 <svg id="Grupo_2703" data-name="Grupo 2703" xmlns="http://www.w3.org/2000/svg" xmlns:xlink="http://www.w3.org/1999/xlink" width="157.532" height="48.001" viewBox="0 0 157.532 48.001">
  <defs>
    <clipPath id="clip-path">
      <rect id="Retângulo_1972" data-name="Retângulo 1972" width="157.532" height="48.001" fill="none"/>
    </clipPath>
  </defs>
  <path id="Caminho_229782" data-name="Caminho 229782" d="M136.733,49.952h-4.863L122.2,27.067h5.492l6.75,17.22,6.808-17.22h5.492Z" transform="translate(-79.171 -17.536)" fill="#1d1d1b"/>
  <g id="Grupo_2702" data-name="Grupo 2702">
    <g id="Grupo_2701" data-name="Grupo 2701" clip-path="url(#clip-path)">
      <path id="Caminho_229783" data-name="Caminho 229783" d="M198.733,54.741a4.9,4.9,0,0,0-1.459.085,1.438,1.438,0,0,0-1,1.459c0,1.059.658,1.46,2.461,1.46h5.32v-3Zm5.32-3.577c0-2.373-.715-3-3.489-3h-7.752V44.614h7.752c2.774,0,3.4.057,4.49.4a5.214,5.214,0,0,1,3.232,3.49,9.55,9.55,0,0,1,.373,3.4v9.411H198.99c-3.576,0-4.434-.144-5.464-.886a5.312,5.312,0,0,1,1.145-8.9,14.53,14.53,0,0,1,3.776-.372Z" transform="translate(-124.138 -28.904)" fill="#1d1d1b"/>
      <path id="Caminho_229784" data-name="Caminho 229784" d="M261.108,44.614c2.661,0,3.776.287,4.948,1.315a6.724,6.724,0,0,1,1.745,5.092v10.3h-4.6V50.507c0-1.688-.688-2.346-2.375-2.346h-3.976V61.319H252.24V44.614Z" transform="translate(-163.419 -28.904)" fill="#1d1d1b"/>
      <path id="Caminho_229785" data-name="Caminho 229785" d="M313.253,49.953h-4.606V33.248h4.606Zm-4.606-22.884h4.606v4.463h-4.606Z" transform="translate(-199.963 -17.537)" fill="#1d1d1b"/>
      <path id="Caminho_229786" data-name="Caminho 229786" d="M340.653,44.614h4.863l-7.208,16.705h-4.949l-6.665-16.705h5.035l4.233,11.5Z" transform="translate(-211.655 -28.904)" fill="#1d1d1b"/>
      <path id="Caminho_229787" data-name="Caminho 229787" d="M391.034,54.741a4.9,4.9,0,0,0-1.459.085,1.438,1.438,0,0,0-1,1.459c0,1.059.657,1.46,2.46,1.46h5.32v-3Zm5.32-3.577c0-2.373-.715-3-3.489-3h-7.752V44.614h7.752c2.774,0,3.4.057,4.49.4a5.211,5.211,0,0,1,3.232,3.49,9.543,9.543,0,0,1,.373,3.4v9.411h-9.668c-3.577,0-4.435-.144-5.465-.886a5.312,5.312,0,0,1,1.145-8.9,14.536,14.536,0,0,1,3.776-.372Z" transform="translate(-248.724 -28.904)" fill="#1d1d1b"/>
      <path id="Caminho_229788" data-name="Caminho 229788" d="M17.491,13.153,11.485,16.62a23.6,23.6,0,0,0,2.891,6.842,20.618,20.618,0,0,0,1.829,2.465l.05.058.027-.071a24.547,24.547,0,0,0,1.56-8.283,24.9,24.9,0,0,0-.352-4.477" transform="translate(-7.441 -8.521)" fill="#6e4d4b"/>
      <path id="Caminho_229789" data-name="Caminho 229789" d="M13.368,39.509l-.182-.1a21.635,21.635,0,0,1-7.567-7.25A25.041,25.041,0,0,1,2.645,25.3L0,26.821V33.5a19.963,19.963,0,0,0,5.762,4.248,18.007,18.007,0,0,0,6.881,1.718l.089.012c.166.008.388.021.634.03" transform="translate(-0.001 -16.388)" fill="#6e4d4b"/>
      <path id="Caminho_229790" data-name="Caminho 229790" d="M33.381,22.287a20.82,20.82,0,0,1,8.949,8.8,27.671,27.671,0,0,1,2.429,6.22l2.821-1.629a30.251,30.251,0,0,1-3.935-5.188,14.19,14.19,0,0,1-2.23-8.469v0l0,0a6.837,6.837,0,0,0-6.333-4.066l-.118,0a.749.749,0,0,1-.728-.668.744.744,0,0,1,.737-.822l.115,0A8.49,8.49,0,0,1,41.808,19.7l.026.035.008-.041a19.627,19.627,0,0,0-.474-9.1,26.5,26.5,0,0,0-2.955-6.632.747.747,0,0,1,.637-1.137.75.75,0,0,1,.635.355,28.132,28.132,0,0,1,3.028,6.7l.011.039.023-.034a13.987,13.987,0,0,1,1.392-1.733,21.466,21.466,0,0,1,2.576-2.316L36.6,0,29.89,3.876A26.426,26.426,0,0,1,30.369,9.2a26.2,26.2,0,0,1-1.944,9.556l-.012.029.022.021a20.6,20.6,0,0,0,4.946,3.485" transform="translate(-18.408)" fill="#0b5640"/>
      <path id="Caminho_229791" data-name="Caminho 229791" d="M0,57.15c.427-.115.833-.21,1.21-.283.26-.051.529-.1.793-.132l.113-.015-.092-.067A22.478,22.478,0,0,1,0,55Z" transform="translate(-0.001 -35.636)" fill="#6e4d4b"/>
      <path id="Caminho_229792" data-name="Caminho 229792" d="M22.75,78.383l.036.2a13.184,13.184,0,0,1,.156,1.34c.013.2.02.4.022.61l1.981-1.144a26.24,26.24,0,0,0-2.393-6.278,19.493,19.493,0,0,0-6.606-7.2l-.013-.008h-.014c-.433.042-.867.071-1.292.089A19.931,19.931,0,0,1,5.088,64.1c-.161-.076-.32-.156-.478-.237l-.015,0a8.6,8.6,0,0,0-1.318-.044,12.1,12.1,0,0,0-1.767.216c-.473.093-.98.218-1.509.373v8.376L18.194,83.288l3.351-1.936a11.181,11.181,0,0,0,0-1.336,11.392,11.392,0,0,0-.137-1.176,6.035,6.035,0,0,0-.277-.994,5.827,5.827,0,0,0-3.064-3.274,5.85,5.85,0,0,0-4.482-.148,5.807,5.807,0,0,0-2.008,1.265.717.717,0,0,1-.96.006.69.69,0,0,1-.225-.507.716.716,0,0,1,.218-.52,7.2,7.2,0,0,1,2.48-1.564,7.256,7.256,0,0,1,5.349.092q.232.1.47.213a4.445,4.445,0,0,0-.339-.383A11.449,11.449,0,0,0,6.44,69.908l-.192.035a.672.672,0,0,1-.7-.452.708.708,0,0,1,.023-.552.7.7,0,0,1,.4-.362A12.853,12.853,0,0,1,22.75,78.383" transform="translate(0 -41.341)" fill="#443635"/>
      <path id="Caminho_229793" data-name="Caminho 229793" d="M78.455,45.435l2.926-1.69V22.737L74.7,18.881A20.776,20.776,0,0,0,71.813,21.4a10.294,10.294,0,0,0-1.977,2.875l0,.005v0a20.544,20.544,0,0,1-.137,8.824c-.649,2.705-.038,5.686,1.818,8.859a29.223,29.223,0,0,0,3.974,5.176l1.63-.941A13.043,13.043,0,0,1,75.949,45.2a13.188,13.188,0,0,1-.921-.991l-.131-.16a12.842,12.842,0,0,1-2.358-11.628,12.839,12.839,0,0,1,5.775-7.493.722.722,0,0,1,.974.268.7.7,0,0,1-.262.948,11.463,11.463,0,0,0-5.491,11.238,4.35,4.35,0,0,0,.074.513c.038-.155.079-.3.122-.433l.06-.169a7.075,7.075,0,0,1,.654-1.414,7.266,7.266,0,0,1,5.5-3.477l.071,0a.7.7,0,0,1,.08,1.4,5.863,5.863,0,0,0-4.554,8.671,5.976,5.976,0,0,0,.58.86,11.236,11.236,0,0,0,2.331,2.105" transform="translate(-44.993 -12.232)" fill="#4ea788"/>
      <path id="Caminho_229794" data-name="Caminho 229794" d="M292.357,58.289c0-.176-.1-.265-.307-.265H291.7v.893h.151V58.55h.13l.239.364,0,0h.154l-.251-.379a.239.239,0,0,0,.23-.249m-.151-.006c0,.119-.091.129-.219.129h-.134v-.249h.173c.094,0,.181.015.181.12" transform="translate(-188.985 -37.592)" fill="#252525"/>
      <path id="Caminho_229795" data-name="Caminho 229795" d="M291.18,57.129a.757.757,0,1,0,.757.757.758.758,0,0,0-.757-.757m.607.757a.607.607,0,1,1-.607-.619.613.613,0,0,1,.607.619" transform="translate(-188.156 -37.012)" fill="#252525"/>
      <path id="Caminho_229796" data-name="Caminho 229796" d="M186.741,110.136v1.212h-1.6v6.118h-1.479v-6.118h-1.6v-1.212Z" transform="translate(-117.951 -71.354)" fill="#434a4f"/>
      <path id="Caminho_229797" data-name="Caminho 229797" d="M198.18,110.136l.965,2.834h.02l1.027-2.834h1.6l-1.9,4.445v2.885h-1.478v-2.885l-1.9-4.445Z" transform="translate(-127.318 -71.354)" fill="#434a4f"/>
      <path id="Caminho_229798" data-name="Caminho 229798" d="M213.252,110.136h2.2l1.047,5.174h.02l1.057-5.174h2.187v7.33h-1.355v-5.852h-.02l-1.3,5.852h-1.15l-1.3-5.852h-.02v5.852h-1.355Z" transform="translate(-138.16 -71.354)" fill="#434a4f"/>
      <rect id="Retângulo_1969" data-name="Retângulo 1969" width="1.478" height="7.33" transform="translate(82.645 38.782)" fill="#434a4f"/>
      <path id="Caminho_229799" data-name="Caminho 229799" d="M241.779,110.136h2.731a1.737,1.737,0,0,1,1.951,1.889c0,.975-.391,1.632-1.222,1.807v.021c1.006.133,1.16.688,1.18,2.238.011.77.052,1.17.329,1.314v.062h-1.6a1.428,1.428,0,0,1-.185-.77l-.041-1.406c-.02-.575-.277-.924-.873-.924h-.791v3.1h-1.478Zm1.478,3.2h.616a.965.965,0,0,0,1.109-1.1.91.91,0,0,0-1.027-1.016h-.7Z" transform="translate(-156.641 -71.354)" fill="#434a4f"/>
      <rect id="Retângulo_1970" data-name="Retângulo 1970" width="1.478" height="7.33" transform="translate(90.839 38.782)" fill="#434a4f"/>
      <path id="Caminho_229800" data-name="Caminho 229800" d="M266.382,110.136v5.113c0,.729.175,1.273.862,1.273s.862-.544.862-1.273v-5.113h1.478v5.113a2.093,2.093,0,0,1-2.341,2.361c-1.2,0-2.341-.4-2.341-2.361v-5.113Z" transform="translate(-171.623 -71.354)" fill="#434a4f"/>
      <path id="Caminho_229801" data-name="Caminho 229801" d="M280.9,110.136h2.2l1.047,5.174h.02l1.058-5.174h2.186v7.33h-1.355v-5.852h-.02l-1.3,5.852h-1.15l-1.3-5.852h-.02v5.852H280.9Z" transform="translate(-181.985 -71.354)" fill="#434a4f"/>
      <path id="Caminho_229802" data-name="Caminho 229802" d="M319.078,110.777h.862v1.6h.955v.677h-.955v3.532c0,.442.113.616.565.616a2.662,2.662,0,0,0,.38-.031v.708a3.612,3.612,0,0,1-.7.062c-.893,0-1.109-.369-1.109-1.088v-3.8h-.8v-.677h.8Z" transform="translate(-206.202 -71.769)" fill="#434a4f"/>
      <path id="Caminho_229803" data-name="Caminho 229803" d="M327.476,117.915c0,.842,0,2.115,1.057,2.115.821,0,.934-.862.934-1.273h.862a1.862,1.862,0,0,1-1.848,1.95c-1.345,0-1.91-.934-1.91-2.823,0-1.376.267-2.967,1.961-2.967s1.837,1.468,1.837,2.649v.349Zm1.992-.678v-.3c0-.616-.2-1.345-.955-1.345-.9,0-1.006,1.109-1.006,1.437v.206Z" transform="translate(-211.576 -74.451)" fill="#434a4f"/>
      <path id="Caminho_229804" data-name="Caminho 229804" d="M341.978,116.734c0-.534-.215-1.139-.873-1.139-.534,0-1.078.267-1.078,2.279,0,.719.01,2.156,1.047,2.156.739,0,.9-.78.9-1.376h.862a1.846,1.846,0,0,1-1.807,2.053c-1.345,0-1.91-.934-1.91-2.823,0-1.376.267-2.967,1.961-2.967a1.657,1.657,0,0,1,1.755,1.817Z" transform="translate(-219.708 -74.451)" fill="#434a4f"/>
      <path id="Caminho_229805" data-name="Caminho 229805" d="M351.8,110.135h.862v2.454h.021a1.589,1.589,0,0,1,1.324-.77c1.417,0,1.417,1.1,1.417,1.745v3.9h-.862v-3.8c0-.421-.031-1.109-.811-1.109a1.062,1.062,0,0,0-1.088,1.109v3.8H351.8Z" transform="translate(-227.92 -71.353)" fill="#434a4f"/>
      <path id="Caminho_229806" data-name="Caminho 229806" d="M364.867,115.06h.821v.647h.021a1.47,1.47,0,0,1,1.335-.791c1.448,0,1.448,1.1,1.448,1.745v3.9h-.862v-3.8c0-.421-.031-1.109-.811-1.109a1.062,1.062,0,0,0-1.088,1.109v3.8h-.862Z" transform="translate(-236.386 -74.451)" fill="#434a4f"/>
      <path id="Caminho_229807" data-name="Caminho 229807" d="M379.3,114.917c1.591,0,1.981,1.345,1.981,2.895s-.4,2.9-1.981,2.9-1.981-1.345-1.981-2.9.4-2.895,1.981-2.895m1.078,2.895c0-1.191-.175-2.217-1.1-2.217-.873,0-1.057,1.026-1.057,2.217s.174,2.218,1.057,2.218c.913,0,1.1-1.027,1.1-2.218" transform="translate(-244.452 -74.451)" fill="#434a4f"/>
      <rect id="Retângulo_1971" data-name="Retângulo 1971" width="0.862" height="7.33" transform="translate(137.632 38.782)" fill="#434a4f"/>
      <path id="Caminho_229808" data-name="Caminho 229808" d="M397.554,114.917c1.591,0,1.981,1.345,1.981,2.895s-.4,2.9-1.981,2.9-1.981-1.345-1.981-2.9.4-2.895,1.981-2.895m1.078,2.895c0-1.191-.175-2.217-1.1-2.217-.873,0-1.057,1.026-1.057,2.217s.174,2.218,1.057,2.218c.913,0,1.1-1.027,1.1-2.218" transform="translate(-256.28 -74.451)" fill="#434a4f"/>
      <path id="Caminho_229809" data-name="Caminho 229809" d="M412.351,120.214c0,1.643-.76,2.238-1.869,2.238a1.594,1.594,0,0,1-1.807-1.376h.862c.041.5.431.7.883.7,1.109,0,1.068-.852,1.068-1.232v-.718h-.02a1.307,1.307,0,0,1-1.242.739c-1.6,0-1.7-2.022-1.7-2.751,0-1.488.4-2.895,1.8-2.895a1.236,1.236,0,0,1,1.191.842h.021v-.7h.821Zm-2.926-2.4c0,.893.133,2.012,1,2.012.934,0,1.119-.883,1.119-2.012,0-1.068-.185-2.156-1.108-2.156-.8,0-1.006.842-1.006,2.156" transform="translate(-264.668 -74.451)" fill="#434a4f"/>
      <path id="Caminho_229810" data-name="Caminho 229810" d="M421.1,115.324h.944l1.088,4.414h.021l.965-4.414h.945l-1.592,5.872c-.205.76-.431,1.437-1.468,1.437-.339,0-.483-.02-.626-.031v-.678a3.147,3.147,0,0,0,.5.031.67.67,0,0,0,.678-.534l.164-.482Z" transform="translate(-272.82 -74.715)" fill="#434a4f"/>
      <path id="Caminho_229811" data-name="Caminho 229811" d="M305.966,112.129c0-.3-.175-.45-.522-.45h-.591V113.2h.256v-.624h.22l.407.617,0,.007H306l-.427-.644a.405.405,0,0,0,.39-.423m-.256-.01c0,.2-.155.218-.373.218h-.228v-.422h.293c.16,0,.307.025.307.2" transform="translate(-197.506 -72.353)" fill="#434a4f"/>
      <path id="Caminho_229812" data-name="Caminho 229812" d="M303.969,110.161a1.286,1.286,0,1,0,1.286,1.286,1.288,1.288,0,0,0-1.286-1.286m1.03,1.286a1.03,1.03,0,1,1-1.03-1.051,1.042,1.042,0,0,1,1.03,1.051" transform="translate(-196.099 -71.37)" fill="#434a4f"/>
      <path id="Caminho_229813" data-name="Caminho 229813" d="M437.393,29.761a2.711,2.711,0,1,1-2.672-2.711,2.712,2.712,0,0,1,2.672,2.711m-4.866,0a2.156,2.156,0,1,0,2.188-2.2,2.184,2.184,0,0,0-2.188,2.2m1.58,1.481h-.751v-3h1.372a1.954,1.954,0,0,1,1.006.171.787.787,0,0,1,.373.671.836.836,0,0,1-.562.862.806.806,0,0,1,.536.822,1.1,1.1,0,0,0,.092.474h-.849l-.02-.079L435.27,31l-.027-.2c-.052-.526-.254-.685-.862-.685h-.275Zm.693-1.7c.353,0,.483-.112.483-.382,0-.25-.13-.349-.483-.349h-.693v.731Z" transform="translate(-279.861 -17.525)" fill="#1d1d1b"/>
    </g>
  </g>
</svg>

:::

Required action: Find and copy each line of the listing above that holds the word "height".

Solution for this task:
 <svg id="Grupo_2703" data-name="Grupo 2703" xmlns="http://www.w3.org/2000/svg" xmlns:xlink="http://www.w3.org/1999/xlink" width="157.532" height="48.001" viewBox="0 0 157.532 48.001">
      <rect id="Retângulo_1972" data-name="Retângulo 1972" width="157.532" height="48.001" fill="none"/>
      <rect id="Retângulo_1969" data-name="Retângulo 1969" width="1.478" height="7.33" transform="translate(82.645 38.782)" fill="#434a4f"/>
      <rect id="Retângulo_1970" data-name="Retângulo 1970" width="1.478" height="7.33" transform="translate(90.839 38.782)" fill="#434a4f"/>
      <rect id="Retângulo_1971" data-name="Retângulo 1971" width="0.862" height="7.33" transform="translate(137.632 38.782)" fill="#434a4f"/>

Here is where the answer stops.